Imagine a Lucky Charms cereal box without the iconic leprechaun. Certainly, the playful cereal brand might be colourful enough to attract a young audience with enticing photography alone, but would the brand itself be as recognizable?

Understandably, products geared towards children use cartoonish illustrations to create emotional connections, but illustrations that depict food can be effective for even the most upscale or serious brands.

Illustrations have long been used for food packaging, advertising, and in books — especially cookbooks. While photography might be the most common medium to capture beautiful dishes, illustrations add a whimsical and creative factor; something that helps to capture the uniqueness of a brand more than a high-res photo alone.

Food illustrations are commonly used for a variety of purposes. Here are five areas where creative illustrations are often chosen as the most compelling form of artwork.

Cookbooks

Cookbooks have been around for centuries. In fact, we have evidence of recipe books dating back to ancient Mesopotamia! Cookbooks using illustrations as we know them, however, have been around since the 17th century.

Illustration/Marta Antelo

Illustrations are a popular choice for cookbooks as they effectively portray concepts and ideas, rather than depicting something litteral, such as a Micheline-star chef’s Beef Wellington. Chefs that espouse intuition and creativity rather than extreme precision might choose beautifully hand drawn illustrations in order to convey a sense of culinary imagination. Further, illustrations may be less intimidating than other, more realistic visuals of immaculate kitchens and stylized food. For these reasons and more, illustrations work beautifully for cookbooks and will continue to be loved by chefs and food authors.

Packaging

It’s a marketer’s job to set a brand apart from the competition. Packaging is an extremely important part of food marketing, as consumers look at visuals first, text second. In order to reinforce visual identity, packaging visuals are key, which is why marketers so often use illustrations — they’re completely customized and nearly impossible for other brands to replicate. The cartoons on cereal boxes are an obvious example, but elegant illustrations can elevate and strengthen brand identity for high-end and gourmet brands as well.

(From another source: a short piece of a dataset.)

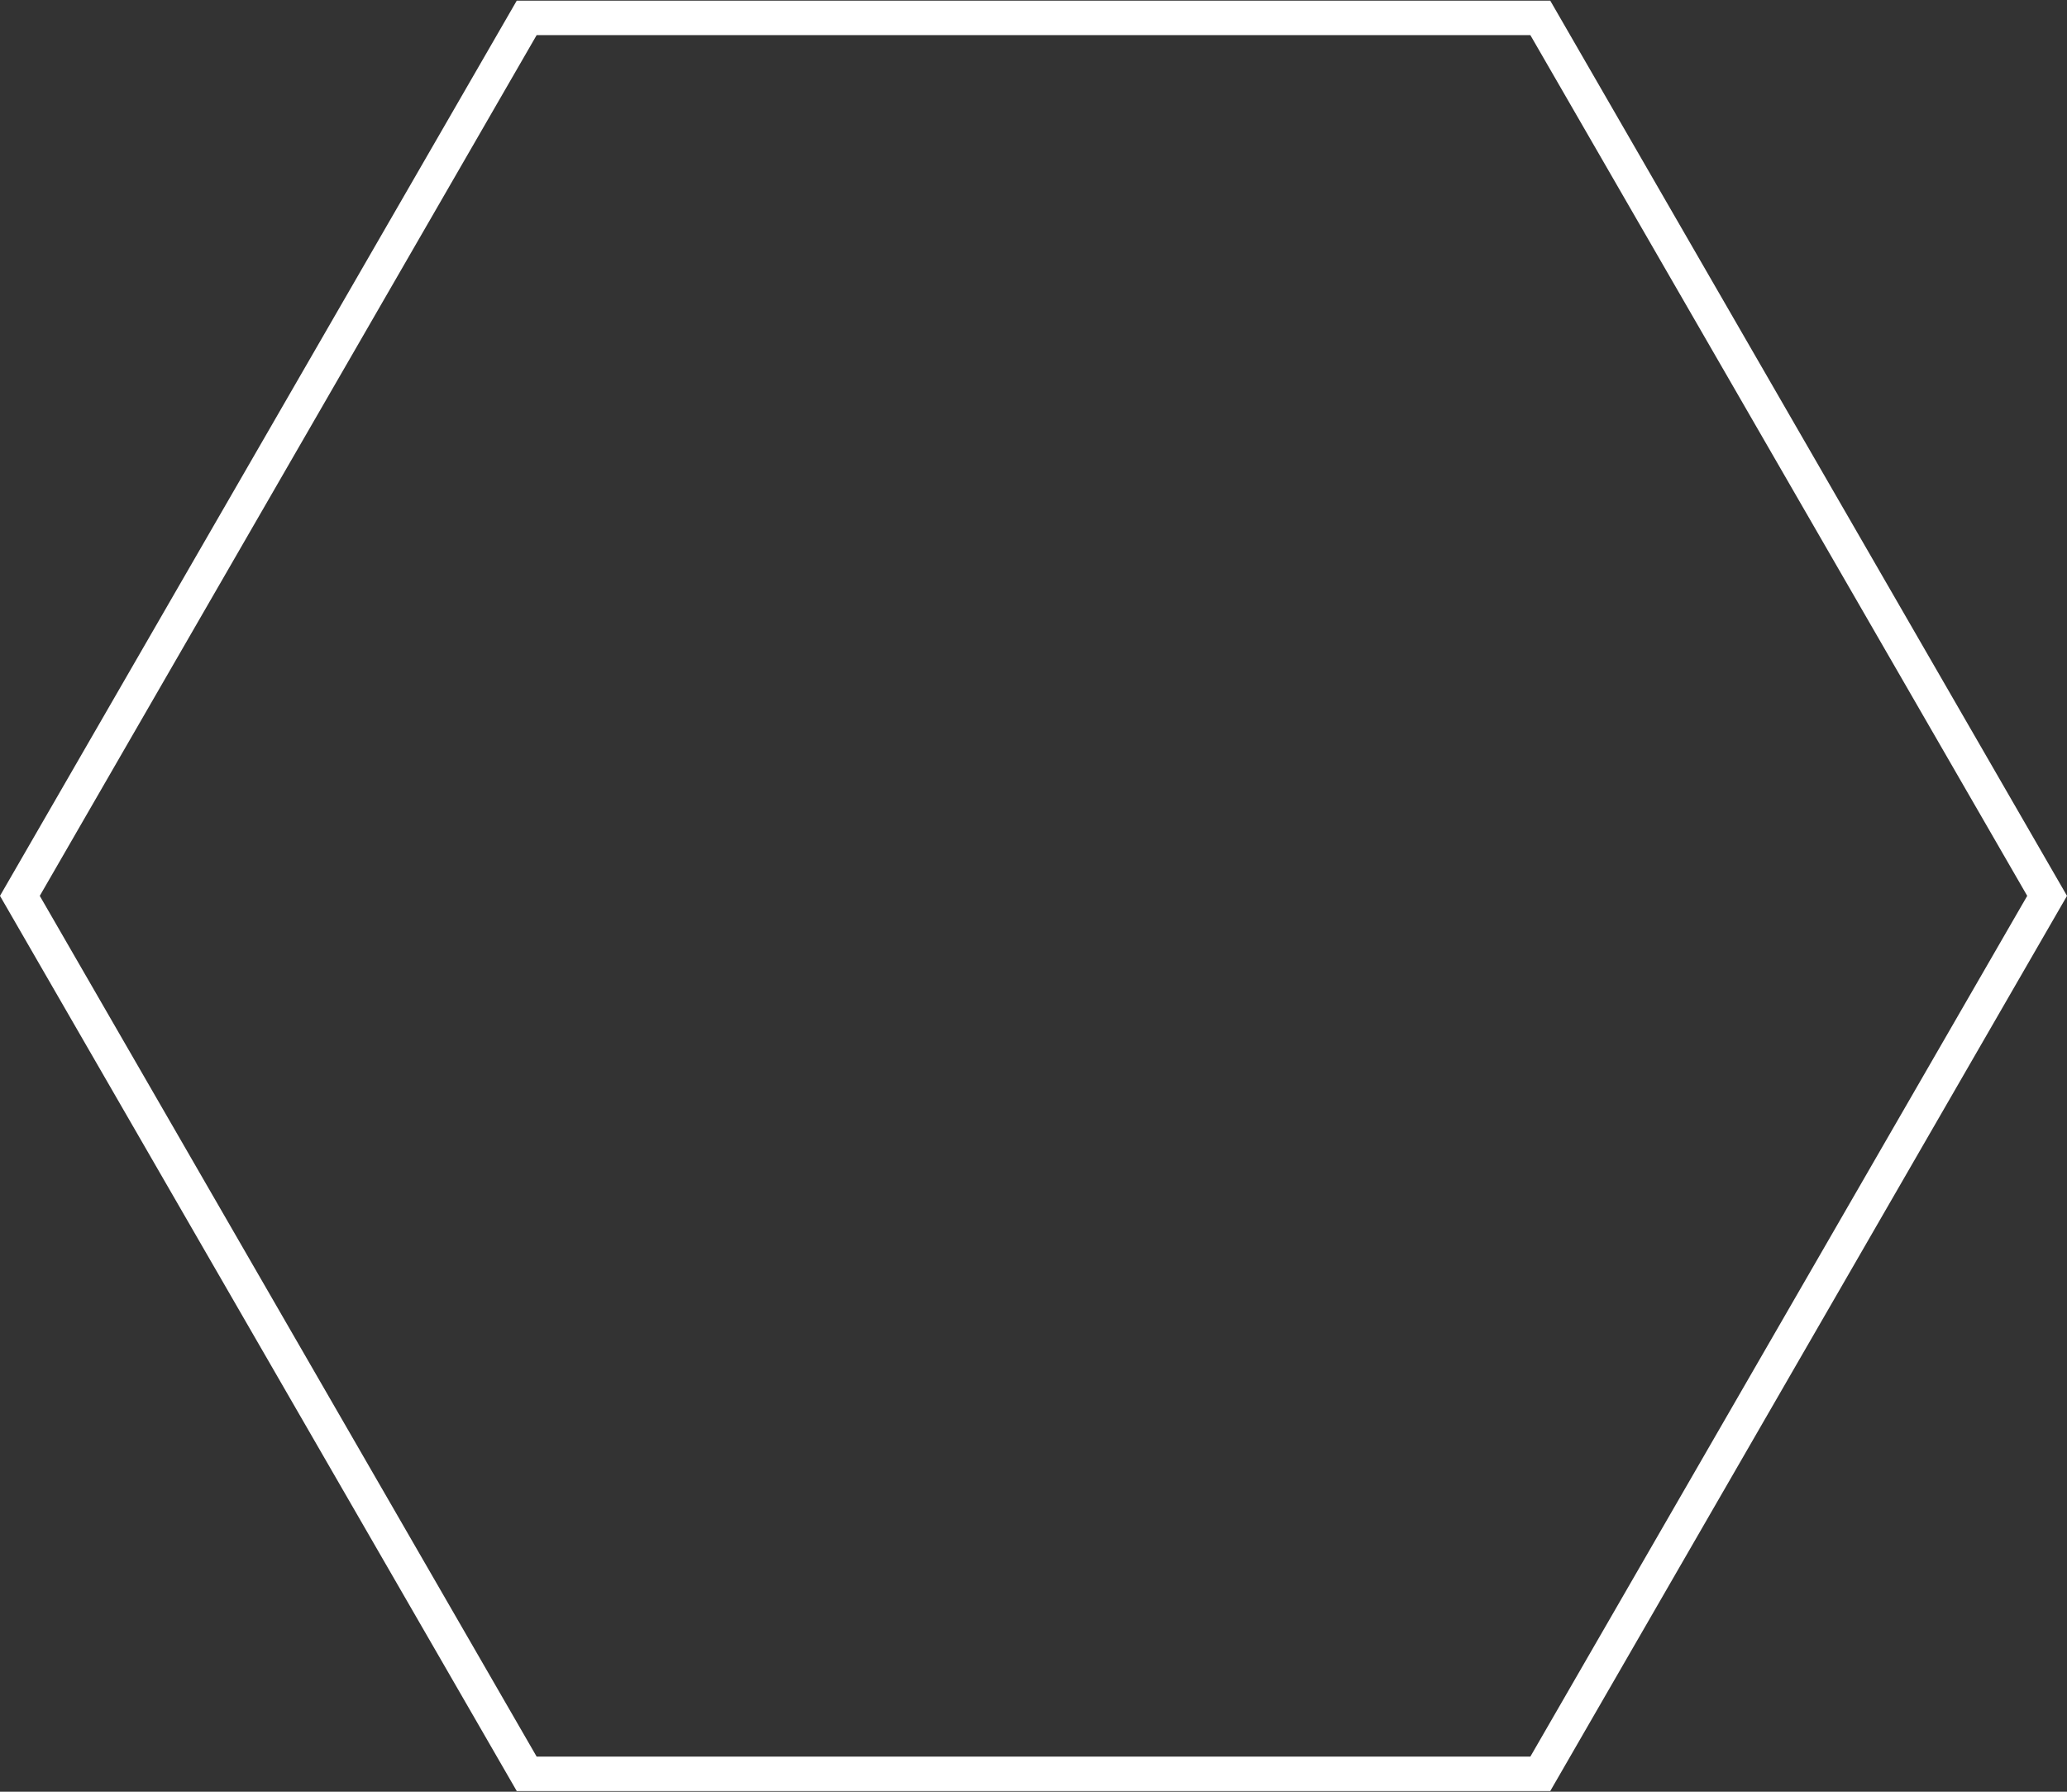 <svg width="240" height="208" viewBox="0 0 240 208" fill="none" xmlns="http://www.w3.org/2000/svg">
<rect x="0" y="0" width="240" height="208" fill="#333333" stroke="none"/>
<path d="M61.155 205.923L2.309 104L61.155 2.077H178.845L237.691 104L178.845 205.923H61.155Z" stroke="white" stroke-width="4"/>
</svg>

Illustration/ Martin Tognola

Diet and healthcare marketing

Imagine a printed booklet or poster created to educate society about the dangers of obesity; steering children away from calorie-dense processed foods, and in the right direction by choosing healthful options. Depicting healthy bodies is sensitive territory, and non-offensive images can be created with illustrations. A thoughtful illustrator can depict race and gender neutral people for educational purposes. Moreover, illustrators can create beautiful images of food that are both attractive and approachable for marketing collateral such as infographics, pamphlets, websites, and more.

Illustration/Guille Rubio

Social media

Scroll along on Instagram and you’ll be bombarded with photos and videos. There are countless food bloggers and restaurants that use social media to promote themselves, but after hundreds of high-res images of cacio e pepe, glimpsing an interesting illustration can provide some much-needed visual variety. In a sea of smartphone snapshots, illustrations are often able to cut through all the noise.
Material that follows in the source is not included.